▸ EXERCISE: Whenever a picture appears in the records, exclude it, and transcribe everything else exactly.
*** Block opens ***
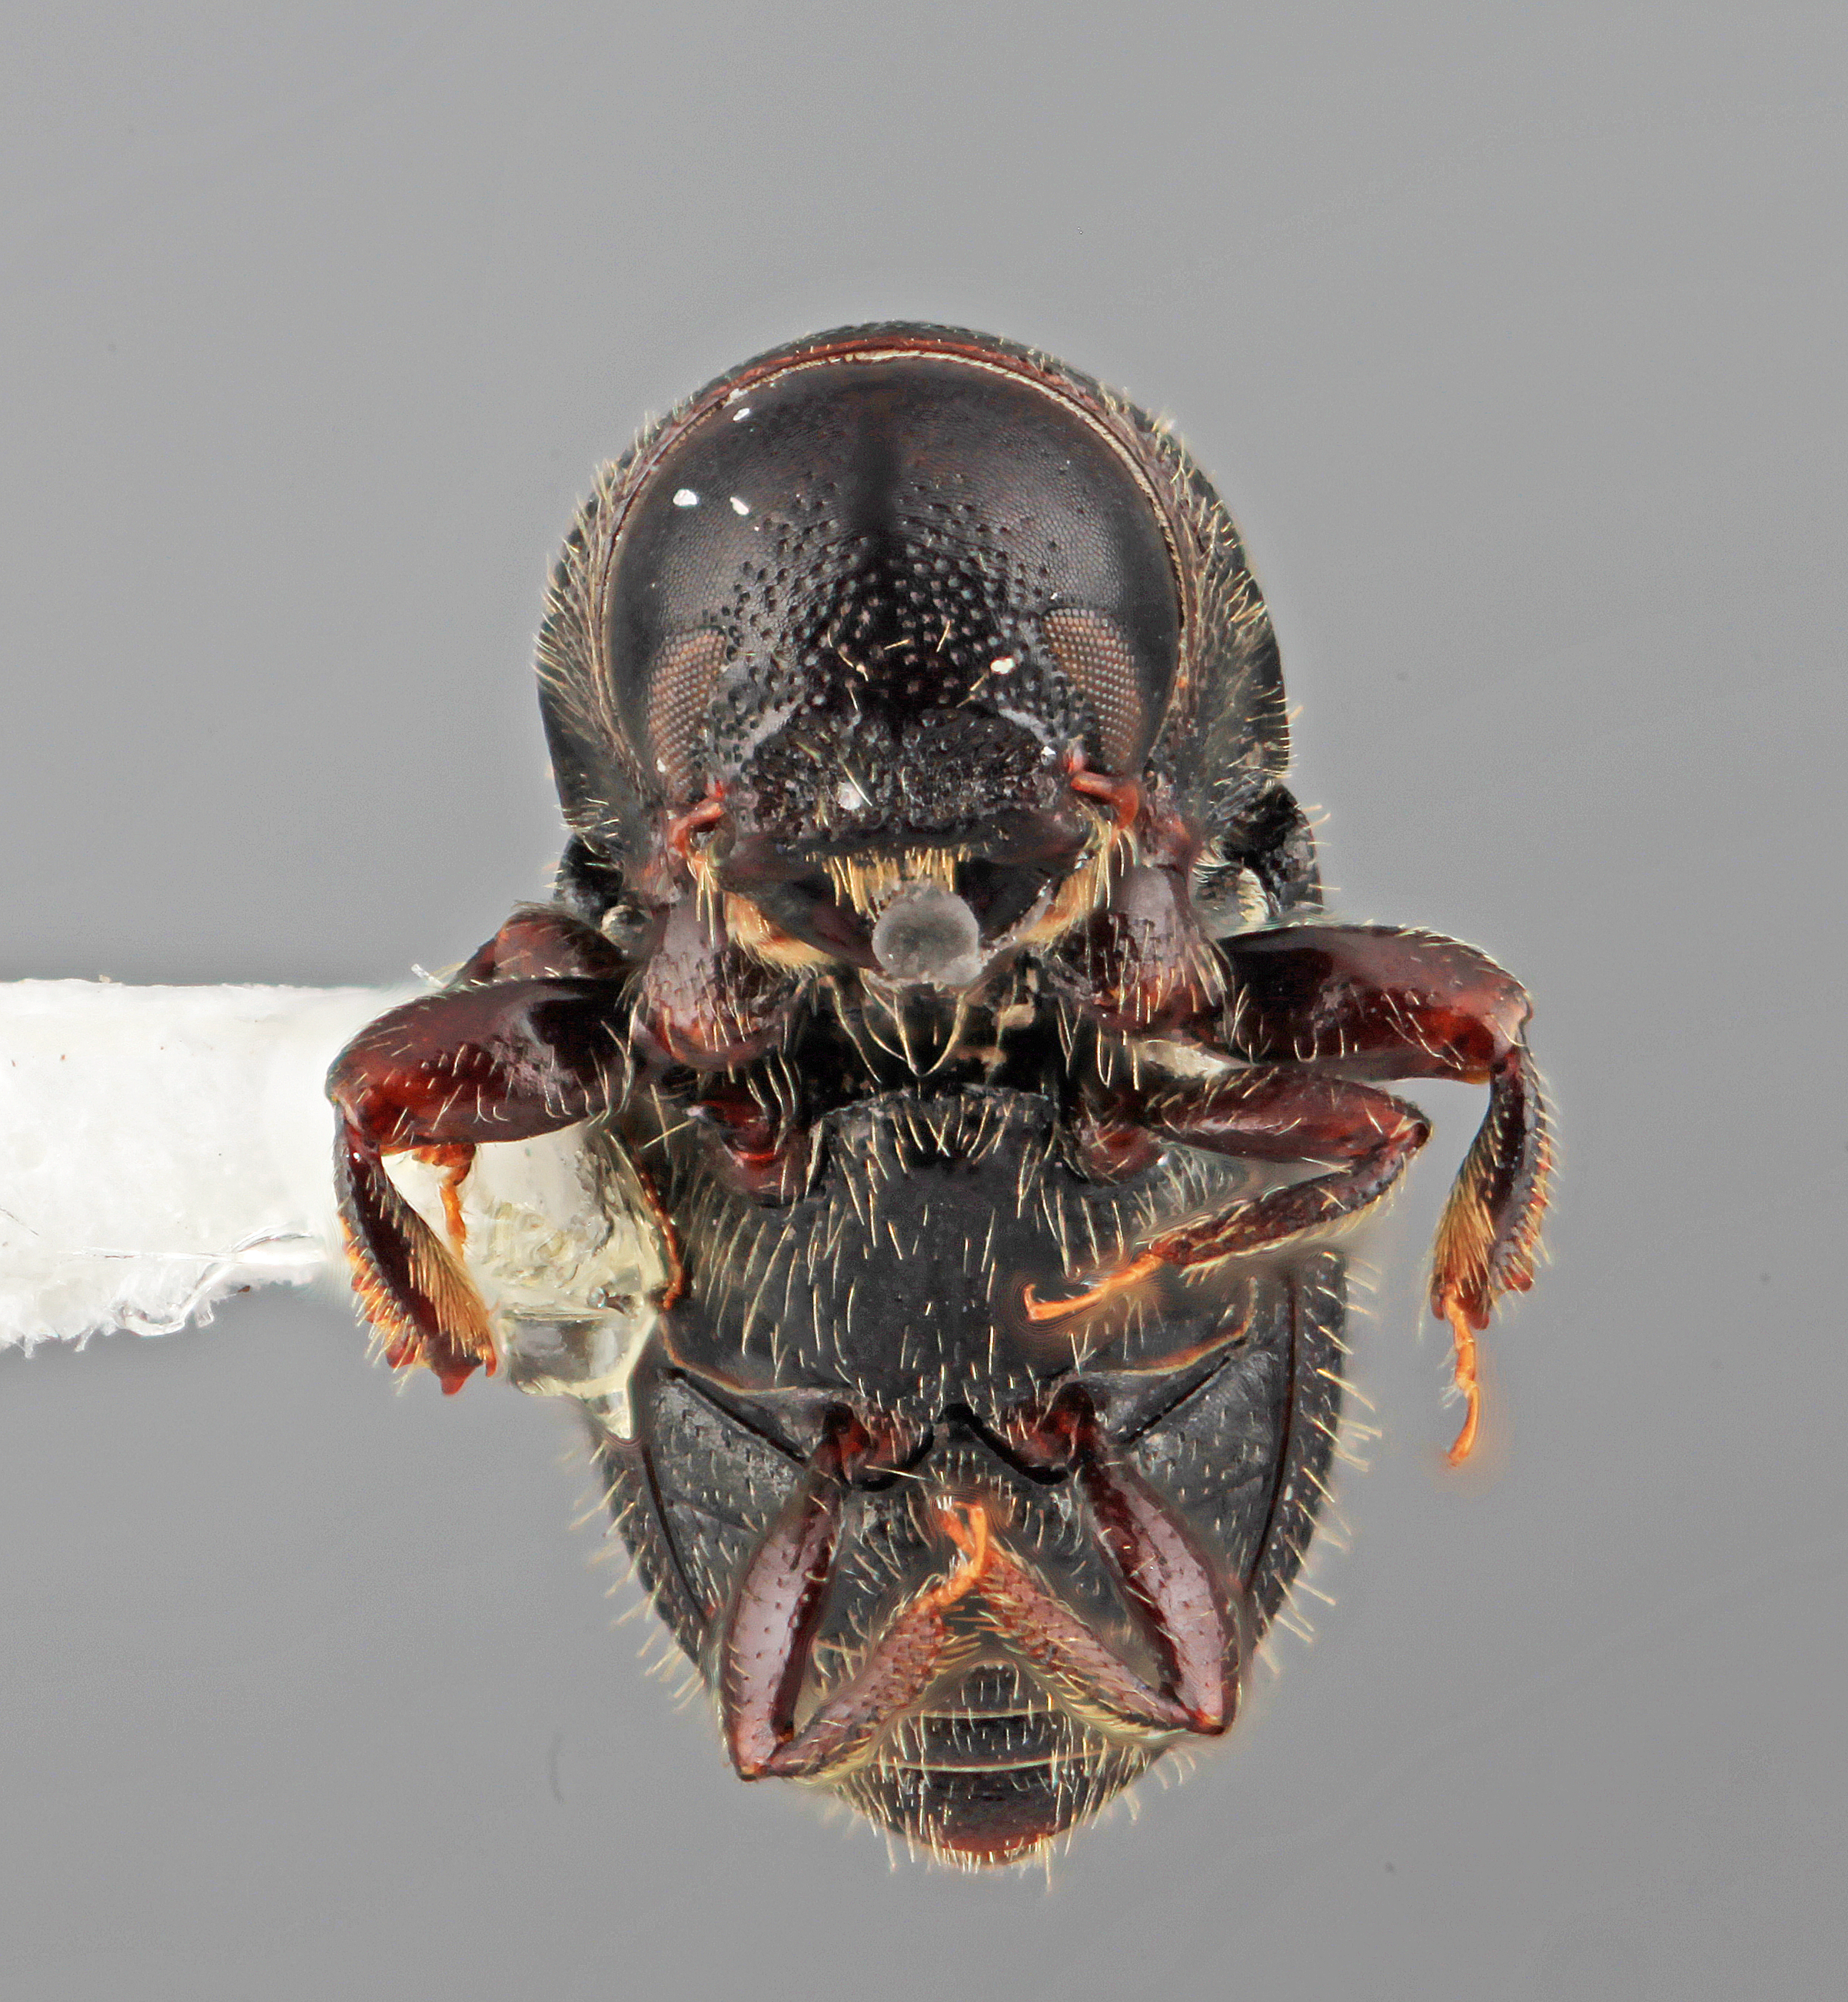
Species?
Scolytodes suturalis
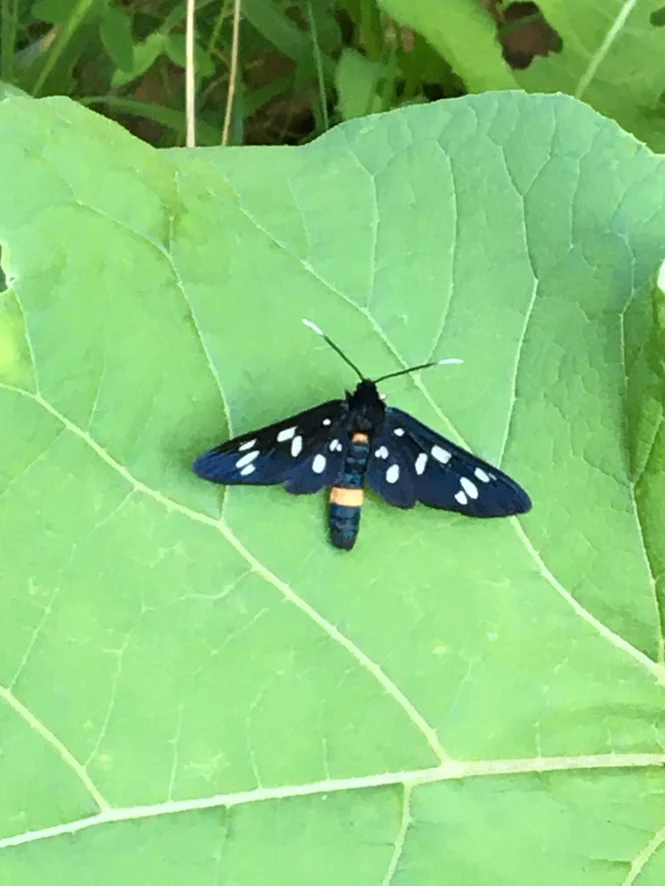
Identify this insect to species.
Amata phegea
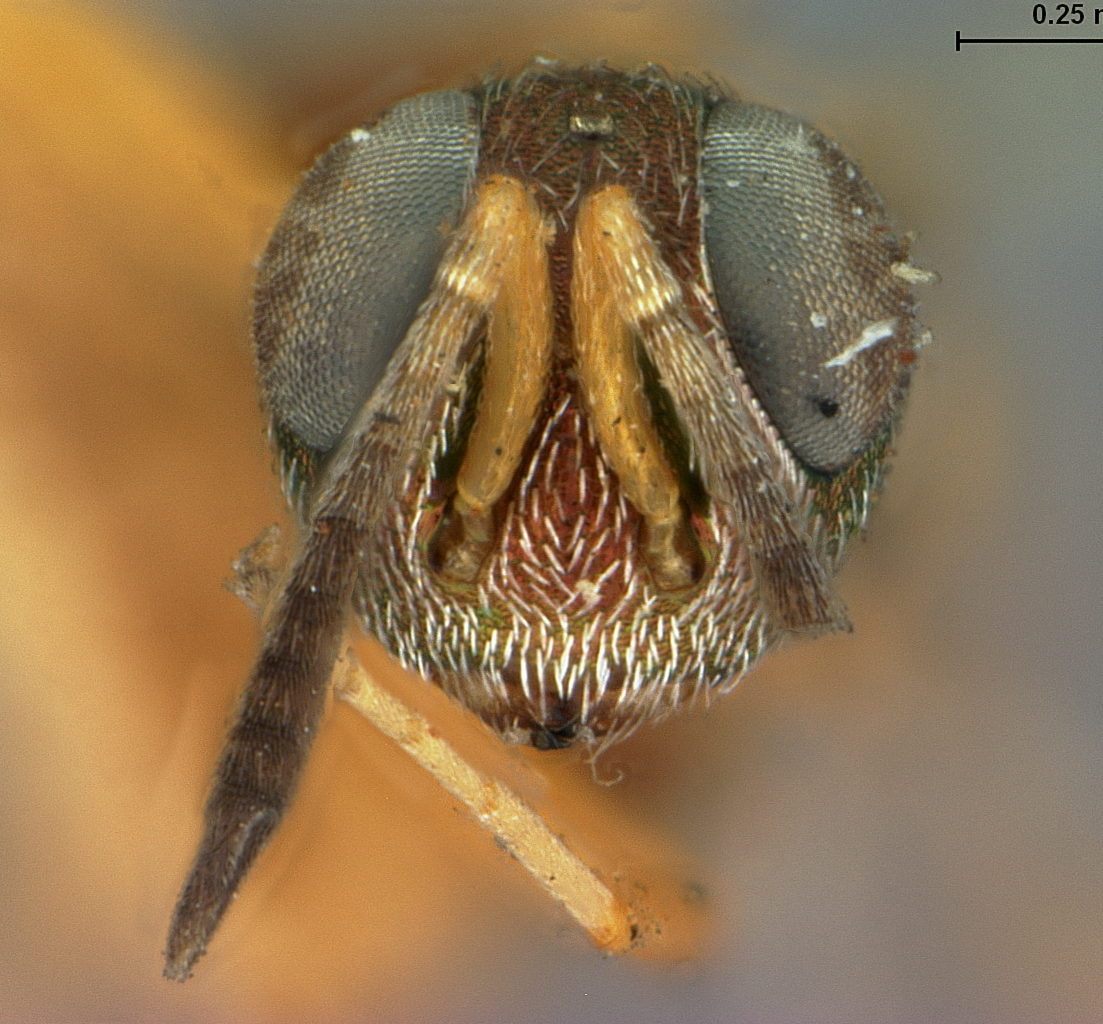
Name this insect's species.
*** Block closes ***
▸ EXPECTED ANSWER:
Species?
Scolytodes suturalis
Identify this insect to species.
Amata phegea
Name this insect's species.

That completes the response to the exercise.